Женщина к тому времени, когда я, отчаявшись найти что-либо, за что можно зацепиться глазами, с тем чтобы на этом чем-либо сосредоточиться для более плодотворных, чем прежде, размышлений, уже снова вошла в комнату и встала спиной ко всей остальной своей квартире, где только что искала что-нибудь выпить, и сказала, что выпить она ничего не нашла, а нашла только пустые бутылки. И это странно, сказала она, потому что у них в доме всегда есть что-то выпить. В приличном доме всегда должно быть что-то выпить. А как же иначе?
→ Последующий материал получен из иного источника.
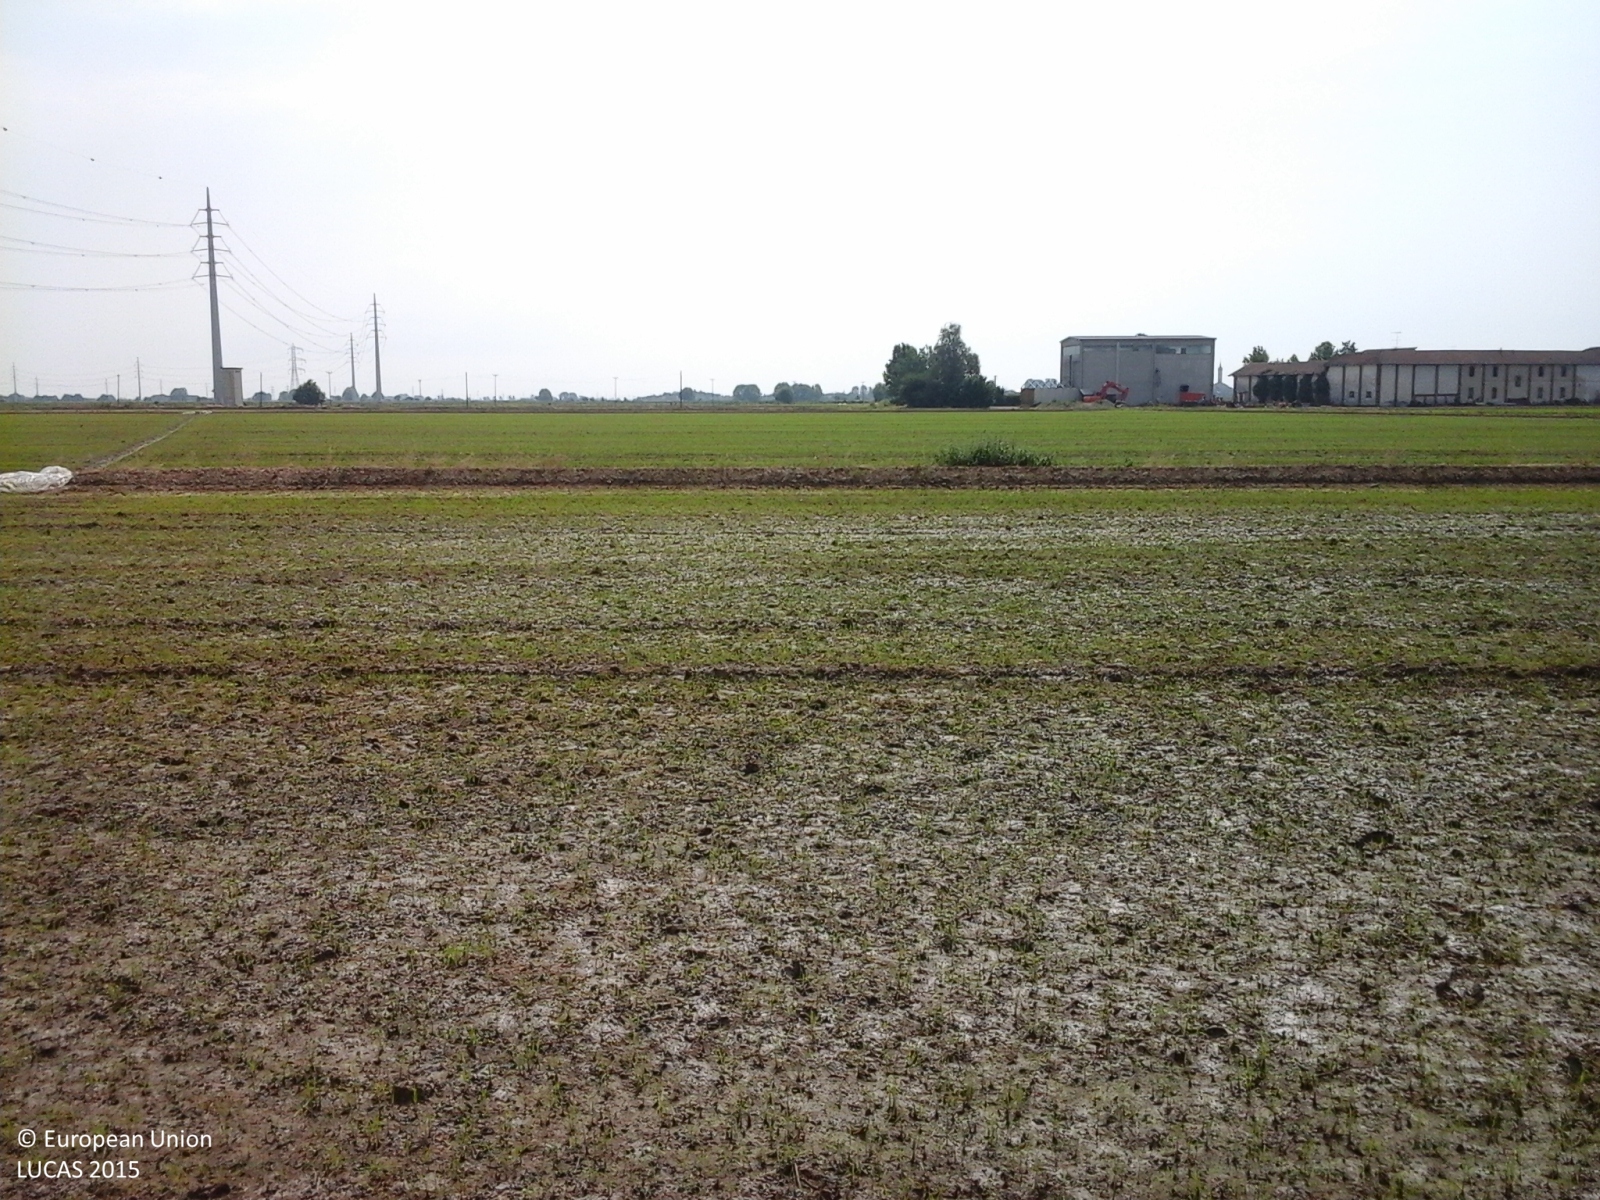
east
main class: Cropland
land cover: Rice
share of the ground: 10 - 25 %
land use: Agriculture (excluding fallow land and kitchen gardens)
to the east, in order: Rice; Other structural elements; Rice; Ditches and canals; Rice; Ditches and canals; Rice; Ditches and canals; Rice; Ditches and canals; Rice; Ditches and canals; Rice; Other structural elements; Rice; Ditches and canals; Rice; Ditches and canals; Rice; Ditches and canals; Rice
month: May
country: IT
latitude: 45.2749
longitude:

А вдруг гости придут или просто, почему бы и нет, просто захочется выпить, а у тебя ничего нет – нехорошо это, совсем нехорошо, сказала она. Я смотрел в лицо Ники Визиновой, и понимал, что оно единственное из всего прочего вокруг, и не только в этой квартире, а вообще, на что я могу смотреть с тем острым удовольствием, которое порождает или возрождает неутолимое и непреодолимое желание жить. Ее лицо явилось для меня оптимальным объектом для сосредоточения и концентрации – красивое, радостное, успокаивающее, расслабляющее. Оно поглощало меня, пережевывало, проглатывало и в процессе переваривания отбрасывало от меня все лишнее и бесполезное, и оставляло только полезное…
А Ника Визинова тем временем продолжала объяснять, почему она не нашла выпивку. Потому, наверное, что муж взял какие-то бутылки с собой в командировку, он иногда так делает, а может быть, эти бутылки он выпил с друзьями или коллегами или какими-нибудь иностранцами, которые часто приходят в этот дом, потому что ее муж, как она сказала, работает на внешнеторговой фирме, и поэтому в доме бывает много иностранцев, да и не только поэтому, а вообще, потому, что муж ее очень общительный и дружелюбный человек и у него много знакомых, с которыми он запросто мог выпить те бутылки со спиртными напитками, кои она, Ника Визинова, сейчас не может найти, чтобы предложить мне выпить. «Если так, – наконец сказал я ей, наконец отведя глаза от нее и глядя теперь куда-то в сторону, туда, где кожаный диван и стеклянные столики, где розовая лампа и свежие цветы (откуда? я их не покупал). – Тогда вот так. Если так. Идемте со мной. И я покажу вам место, где мы найдем все, что захотим. Где мы выпьем и отдохнем. Или развернемся и уйдем, если не понравится. И пойдем туда, где тоже можно неплохо выпить и не менее неплохо отдохнуть и поговорить. И рассказать то, что не рассказано. А не рассказано многое, потому что не рассказано ничего. А если и там не понравится, мы развернемся и уйдем… Идемте» – «Хорошо, – просто ответила Ника Визинова. – Идемте. Я только переоденусь. Я так устала, что устала даже быть в этом платье. Когда я опускаю глаза и вижу его, я чувствую, что устала еще больше, чем устала на самом деле. А вы не скучайте. Вот видеомагнитофон, вот телевизор, вот кассеты. Найдите что-нибудь и посмотрите, и не скучайте. Я буду собираться быстро. Но, как и у любой любящей себя женщины, эти сборы будут долгими» И она улыбнулась, когда закончила, – не кокетливо, не приветливо, не призывно, и не обнадеживающе, а просто улыбнулась, улыбнулась, потому что именно в этот момент ей захотелось улыбнуться, она улыбнулась и, улыбнувшись, ушла, и я опять остался один. Один.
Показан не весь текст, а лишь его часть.